Moonshot AI Unveils 1-Trillion Parameter Kimi-K2 Model
- •Moonshot AI releases Kimi-K2-Instruct-0905 featuring 1 trillion parameters using a Mixture-of-Experts architecture.
- •Model doubles its context window to 256,000 tokens to handle massive codebases and long-horizon tasks.
- •Kimi-K2 achieves 69.2% on SWE-Bench verified, rivaling top-tier proprietary models in autonomous coding.
Moonshot AI has officially unveiled Kimi-K2-Instruct-0905, a massive Mixture-of-Experts (MoE) model that signals a significant leap in large-scale language modeling. While the model contains a staggering 1 trillion total parameters, its architecture is designed for efficiency, activating only 32 billion parameters per token. This sparse activation allows for high-performance reasoning without the prohibitive computational costs typically associated with dense models of this scale.
The update focuses heavily on software engineering intelligence. By doubling its context window to 256,000 tokens, Kimi-K2 can ingest and reason over entire codebases, facilitating more coherent long-horizon programming and frontend design tasks. Benchmarks reflect this progress; the model posted a 69.2% success rate on SWE-Bench verified, positioning it as a formidable competitor to established industry leaders. It also introduces specialized optimizations for the aesthetics and functionality of generated code.

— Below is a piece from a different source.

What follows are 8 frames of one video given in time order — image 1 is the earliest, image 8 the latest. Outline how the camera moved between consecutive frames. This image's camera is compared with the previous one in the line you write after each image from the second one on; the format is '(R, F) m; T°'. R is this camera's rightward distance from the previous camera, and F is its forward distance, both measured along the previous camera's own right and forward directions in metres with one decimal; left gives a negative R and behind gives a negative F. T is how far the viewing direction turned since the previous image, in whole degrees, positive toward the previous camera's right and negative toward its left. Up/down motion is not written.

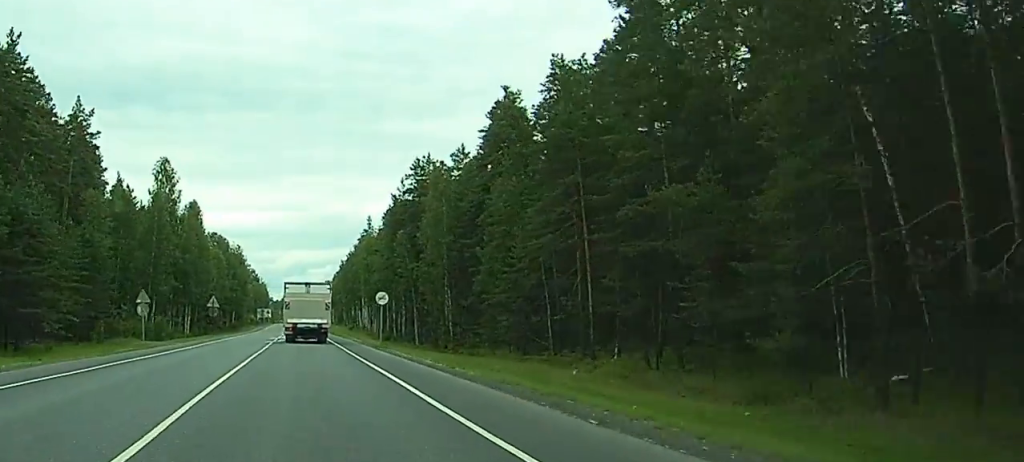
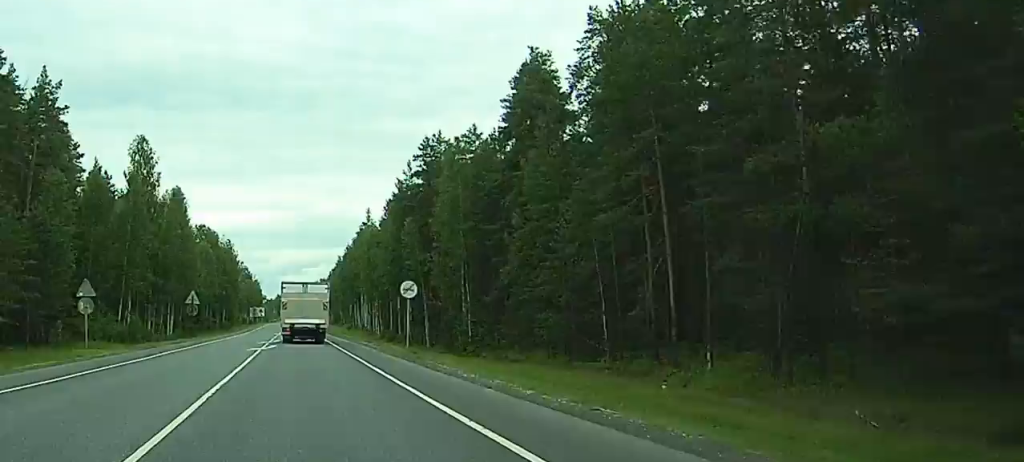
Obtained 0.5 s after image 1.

Beyond raw performance, Moonshot AI has prioritized ecosystem compatibility. Kimi-K2 is available via OpenAI and Anthropic-compatible APIs, streamlining the transition for developers already using existing workflows. With native support for 8-bit floating point (FP8) precision and integration with major inference engines like vLLM and Groq, the model is built for immediate, high-throughput deployment in production environments.